WHAT NEEDS TO BE DONE — Going through the entries below, tally the lines that hold the word "from" and state the result alone.

INPUT DATA —
....
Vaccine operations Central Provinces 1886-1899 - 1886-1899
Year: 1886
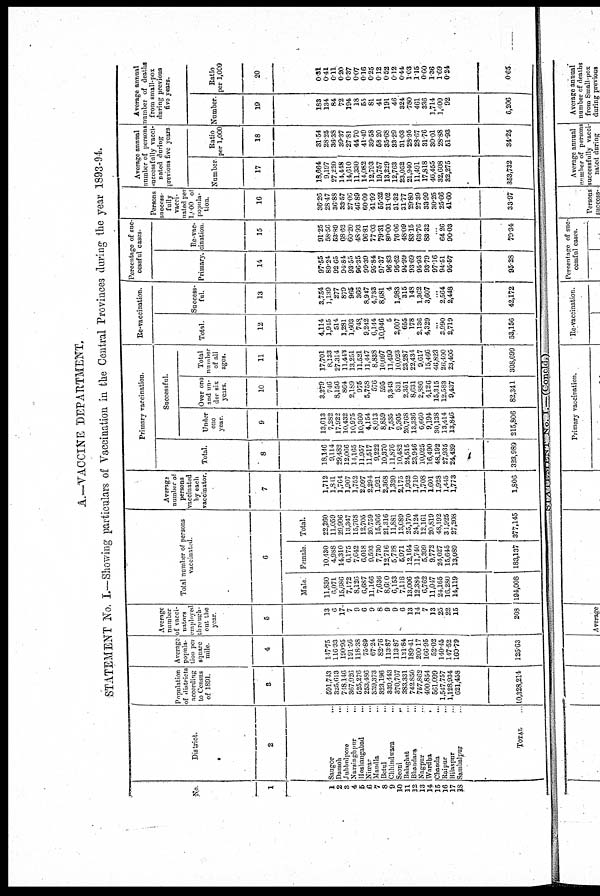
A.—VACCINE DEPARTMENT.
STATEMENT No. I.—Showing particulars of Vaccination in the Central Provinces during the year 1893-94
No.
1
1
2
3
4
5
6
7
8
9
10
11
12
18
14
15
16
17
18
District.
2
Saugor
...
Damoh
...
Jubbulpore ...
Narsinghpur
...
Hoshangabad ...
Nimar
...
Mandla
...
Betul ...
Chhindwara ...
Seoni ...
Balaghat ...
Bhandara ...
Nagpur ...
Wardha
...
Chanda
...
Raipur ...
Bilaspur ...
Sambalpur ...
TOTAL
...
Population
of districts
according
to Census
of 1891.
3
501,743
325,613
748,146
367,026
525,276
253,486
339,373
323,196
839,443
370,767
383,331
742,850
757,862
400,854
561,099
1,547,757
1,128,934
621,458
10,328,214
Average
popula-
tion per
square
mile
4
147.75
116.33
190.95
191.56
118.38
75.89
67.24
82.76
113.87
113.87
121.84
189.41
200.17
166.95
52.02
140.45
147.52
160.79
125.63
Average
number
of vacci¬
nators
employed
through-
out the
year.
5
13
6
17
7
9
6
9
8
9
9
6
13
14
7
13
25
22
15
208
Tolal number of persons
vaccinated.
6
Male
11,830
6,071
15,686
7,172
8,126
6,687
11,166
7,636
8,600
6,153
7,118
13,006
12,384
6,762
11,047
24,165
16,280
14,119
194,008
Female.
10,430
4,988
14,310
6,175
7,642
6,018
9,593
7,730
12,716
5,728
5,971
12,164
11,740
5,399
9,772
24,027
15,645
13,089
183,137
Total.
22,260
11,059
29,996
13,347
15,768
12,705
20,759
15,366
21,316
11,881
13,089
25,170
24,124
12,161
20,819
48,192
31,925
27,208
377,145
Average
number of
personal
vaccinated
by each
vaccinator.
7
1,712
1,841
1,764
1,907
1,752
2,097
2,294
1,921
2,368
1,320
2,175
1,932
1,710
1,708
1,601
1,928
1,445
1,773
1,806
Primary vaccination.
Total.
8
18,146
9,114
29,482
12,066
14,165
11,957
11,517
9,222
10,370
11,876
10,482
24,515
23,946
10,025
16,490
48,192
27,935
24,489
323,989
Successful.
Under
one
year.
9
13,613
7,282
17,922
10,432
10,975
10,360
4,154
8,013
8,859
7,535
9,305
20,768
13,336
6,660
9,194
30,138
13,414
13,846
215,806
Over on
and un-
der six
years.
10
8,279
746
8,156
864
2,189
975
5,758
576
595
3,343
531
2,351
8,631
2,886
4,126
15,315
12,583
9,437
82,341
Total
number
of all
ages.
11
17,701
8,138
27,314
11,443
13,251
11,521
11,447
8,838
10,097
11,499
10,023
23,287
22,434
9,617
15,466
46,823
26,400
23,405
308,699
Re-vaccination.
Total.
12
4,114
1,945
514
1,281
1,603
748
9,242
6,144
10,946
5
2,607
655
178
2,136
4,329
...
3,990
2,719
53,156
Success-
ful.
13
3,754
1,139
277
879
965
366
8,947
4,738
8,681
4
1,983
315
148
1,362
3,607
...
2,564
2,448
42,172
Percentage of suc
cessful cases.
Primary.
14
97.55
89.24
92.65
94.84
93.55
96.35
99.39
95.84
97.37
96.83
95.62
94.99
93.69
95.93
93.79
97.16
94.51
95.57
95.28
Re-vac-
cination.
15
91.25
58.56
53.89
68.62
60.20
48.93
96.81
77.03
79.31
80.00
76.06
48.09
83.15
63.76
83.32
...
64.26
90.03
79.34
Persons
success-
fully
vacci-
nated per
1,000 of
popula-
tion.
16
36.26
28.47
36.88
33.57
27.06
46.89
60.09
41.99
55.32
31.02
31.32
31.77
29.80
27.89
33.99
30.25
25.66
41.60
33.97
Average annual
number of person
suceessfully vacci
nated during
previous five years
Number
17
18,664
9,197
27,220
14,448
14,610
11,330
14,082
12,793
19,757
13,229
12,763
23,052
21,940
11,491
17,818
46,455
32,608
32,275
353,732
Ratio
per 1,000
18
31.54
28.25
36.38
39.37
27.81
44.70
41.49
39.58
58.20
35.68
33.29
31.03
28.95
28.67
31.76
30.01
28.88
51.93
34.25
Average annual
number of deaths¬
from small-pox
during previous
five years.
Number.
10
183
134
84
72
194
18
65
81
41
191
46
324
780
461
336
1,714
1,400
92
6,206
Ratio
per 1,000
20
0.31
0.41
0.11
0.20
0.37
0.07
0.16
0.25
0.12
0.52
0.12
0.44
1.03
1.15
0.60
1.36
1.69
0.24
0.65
....
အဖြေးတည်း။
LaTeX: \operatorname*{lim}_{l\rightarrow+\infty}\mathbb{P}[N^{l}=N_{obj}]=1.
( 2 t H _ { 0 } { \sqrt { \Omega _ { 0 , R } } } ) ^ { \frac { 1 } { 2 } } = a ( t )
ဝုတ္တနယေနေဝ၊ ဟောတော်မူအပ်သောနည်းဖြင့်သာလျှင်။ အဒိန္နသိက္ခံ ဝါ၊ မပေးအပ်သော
....
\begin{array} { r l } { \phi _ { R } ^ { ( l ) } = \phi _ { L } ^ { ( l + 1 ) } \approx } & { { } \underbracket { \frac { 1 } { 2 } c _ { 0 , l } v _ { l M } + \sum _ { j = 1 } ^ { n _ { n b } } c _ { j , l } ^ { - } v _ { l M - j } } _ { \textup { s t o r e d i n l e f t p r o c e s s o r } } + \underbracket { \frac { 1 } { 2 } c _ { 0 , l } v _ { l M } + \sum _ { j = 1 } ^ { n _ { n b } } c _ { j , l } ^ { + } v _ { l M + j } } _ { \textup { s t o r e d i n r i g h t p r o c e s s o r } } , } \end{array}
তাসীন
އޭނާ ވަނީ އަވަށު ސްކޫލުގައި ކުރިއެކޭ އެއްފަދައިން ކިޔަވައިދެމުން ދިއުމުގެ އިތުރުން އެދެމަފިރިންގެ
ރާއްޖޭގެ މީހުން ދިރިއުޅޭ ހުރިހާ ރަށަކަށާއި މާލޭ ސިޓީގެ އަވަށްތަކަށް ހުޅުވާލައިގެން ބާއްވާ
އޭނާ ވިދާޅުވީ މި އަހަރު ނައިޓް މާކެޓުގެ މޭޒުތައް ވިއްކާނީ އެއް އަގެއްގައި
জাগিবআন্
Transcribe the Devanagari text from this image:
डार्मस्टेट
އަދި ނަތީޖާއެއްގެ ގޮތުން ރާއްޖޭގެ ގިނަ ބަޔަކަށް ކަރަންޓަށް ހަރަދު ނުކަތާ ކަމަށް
....
RESULT OF THE TASK — 2